ANSWER: The effectiveness of speech for people who do difficulties after a it depends on many factors, including the area of ​​the brain affected by the stroke, the severity of the brain damage, the person’s awareness of their difficulty, and their ability to learn and apply strategies. In general, speech therapy can help those whose speech is affected by a stroke, just as other types of rehabilitation can help them if they have to re-learn other skills lost due to a stroke.

Strokes can affect speech, which is the physical production of sounds, and language, which is the mental representation of words, their meanings, and the rules for combining words. People who experience a stroke may have difficulty with speech, language, or both.

Finding words is part of language. The medical term for language difficulty due to a stroke is “aphasia.” Aphasia can affect a person’s ability to understand what they hear or read, find words, properly combine word forms, and form complete sentences. Aphasia, which can be a major barrier to clear communication, often causes frustration.

Working with a speech therapist can help. The goal of language and language therapy for aphasia is to improve restaurant communication as much language as possible, teaching to compensate for the loss. , and learn other methods of communication

Speech language pathologists, sometimes called speech therapists, use various techniques to improve communication. After an initial assessment by a speech therapist, rehabilitation may include working one-on-one with a speech therapist and participating in groups with others who have aphasia. The group environment can be particularly helpful because it provides a low-stress environment where people can practice communication skills, such as starting a conversation, speaking in turn, and clearing up misunderstandings.

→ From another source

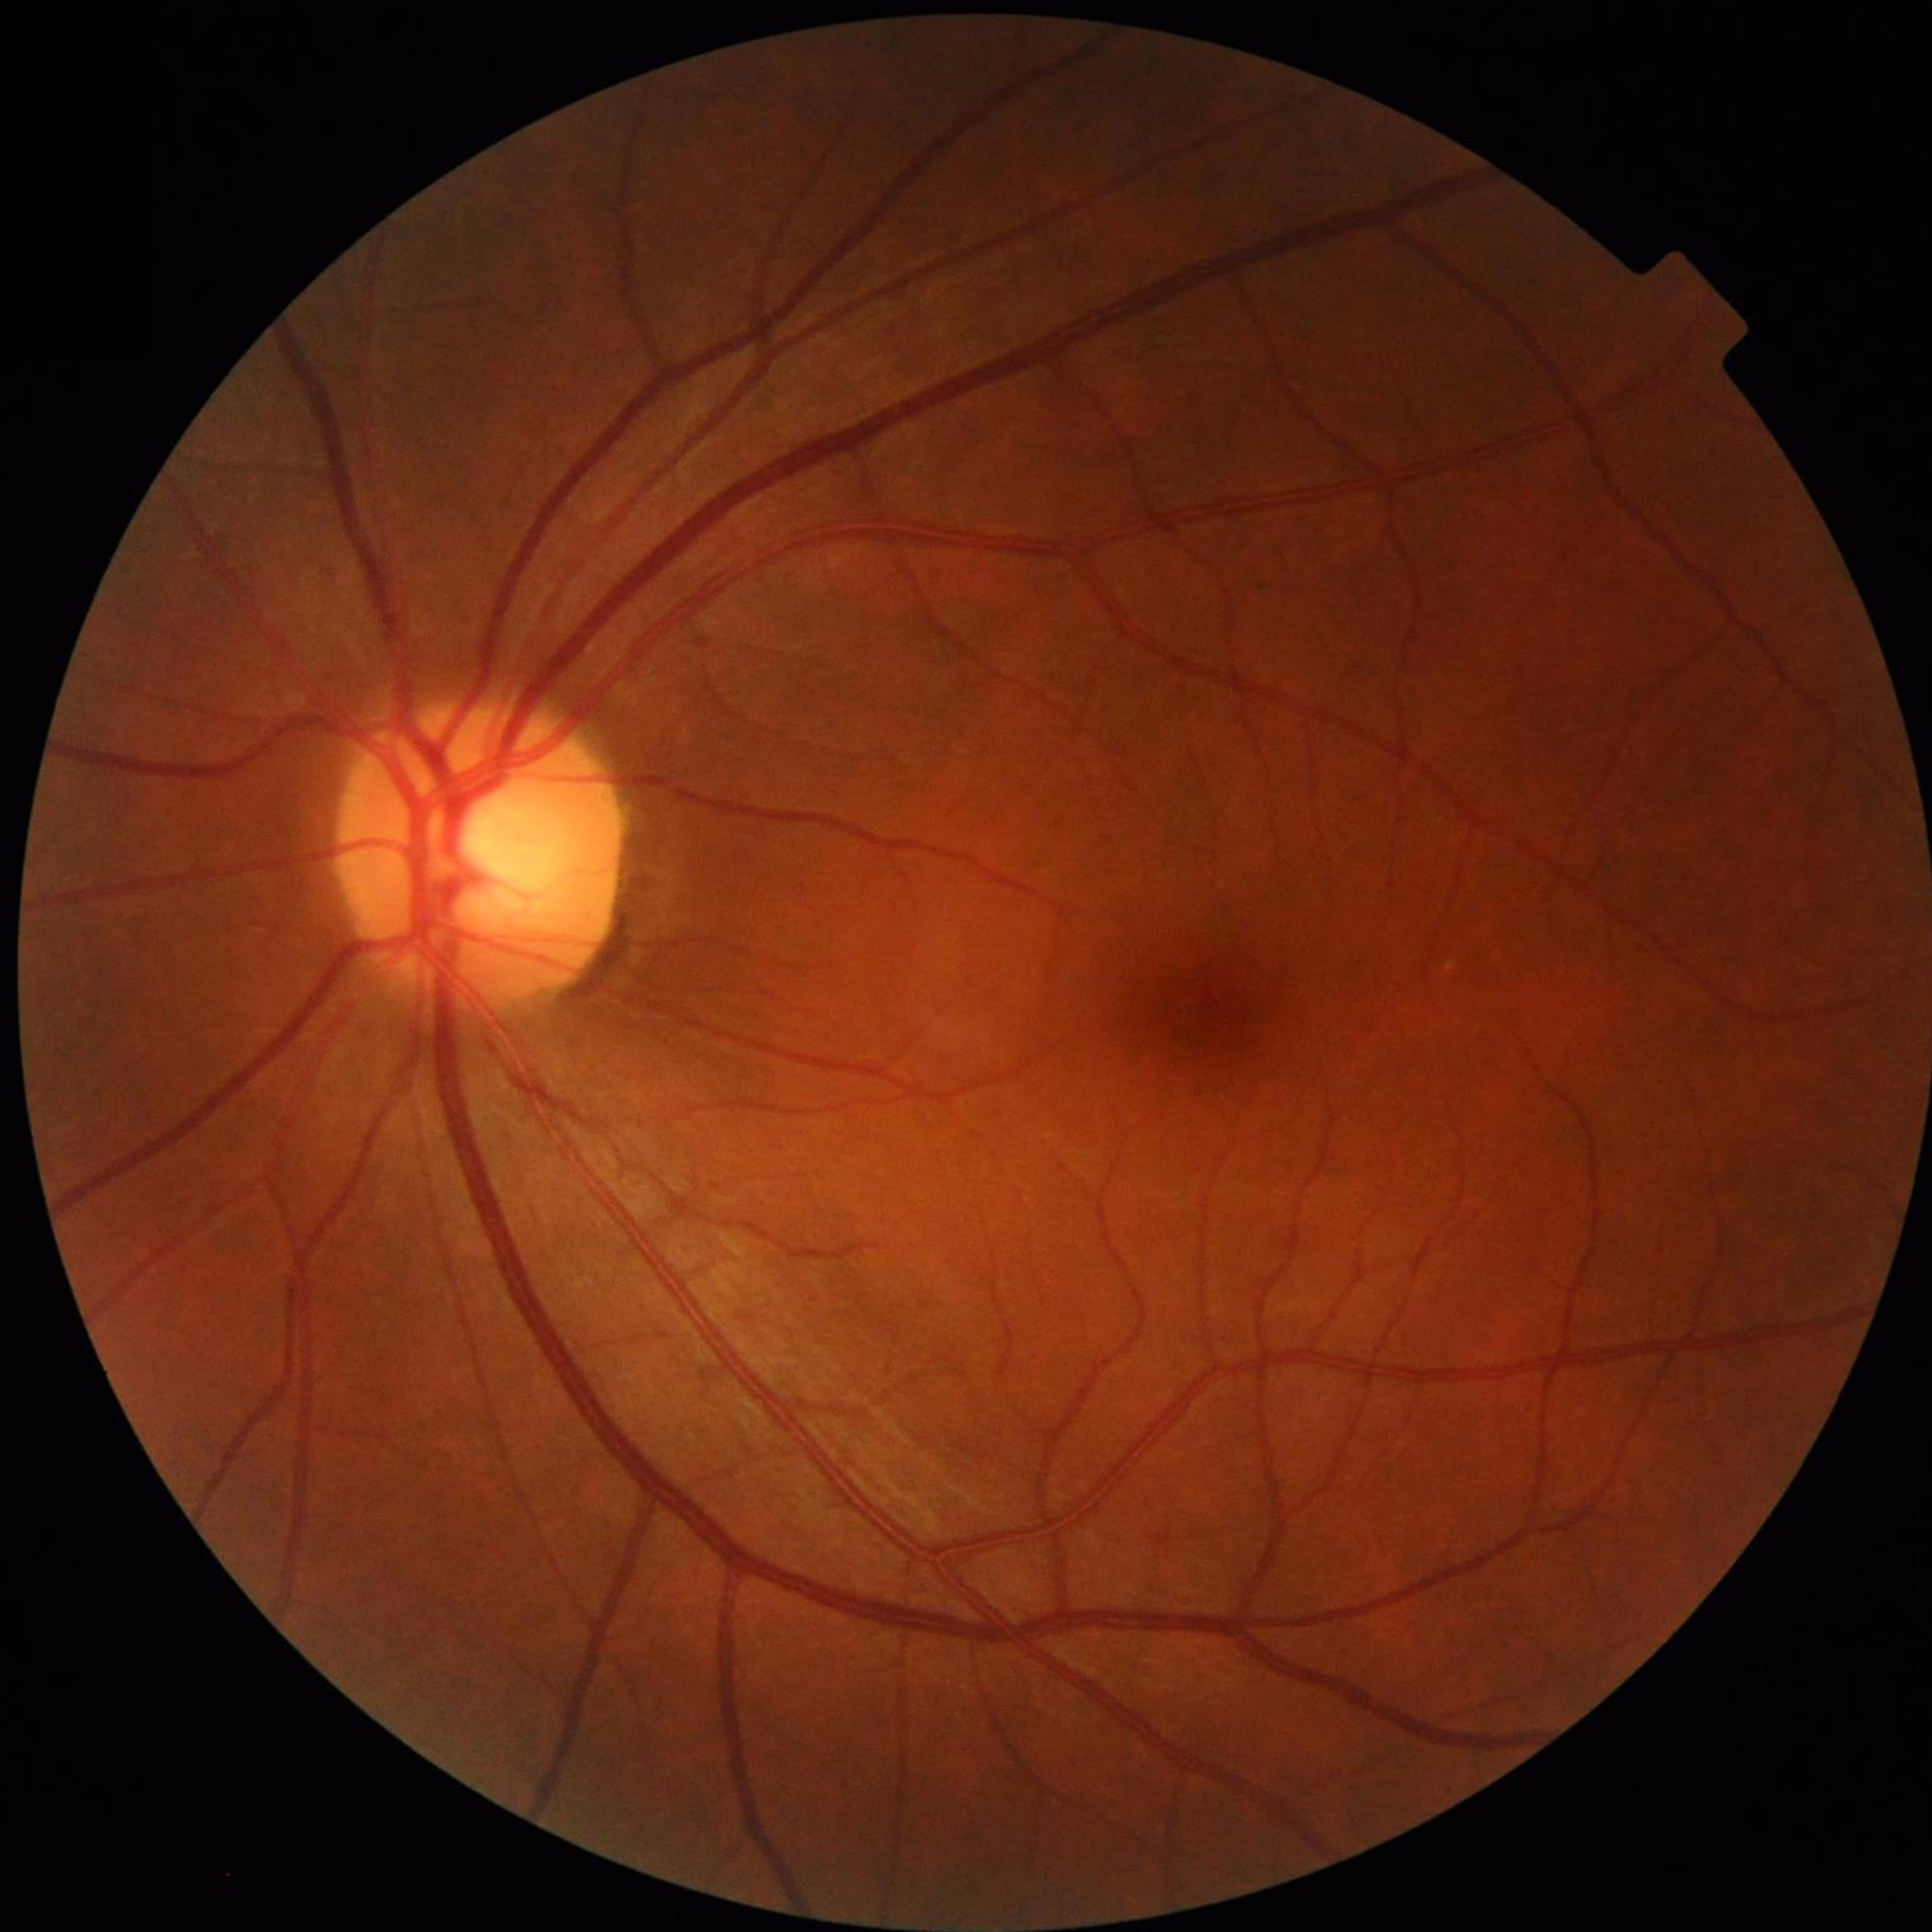
No findings of AMD, diabetic retinopathy, or glaucoma.

A language pathologist can also direct your mother to resources she can use outside of language therapy sessions, such as computer programs and mobile apps, to help her relearn words and sounds. Accessories and communication aids, such as pictures, note cards with common phrases, and a small block of paper and pen, are often encouraged as part of oral language rehabilitation and can improve a person’s ability to convey. his thoughts.

You, another and friends can also help your mom rebuild her communication skills. Include her constantly in conversations. Give him plenty of time to talk. Don’t finish sentences for her or correct mistakes. Turn off your TV and other electronic devices while talking to minimize distractions. Allow time for a relaxed conversation.

Recovery of language skills can be a slow process. With patience and persistence, however, most people can progress significantly, even if they do not fully return to the level of function they had before a stroke. It is important to seek treatment for aphasia, as if left untreated, communication barriers can lead to embarrassment, relationship problems, and in some cases depression.

Continue to encourage your mom to make an appointment with her to discuss speech-language therapy. They should be able to help find a speech. pathologist who has experience working with people who have had a stroke.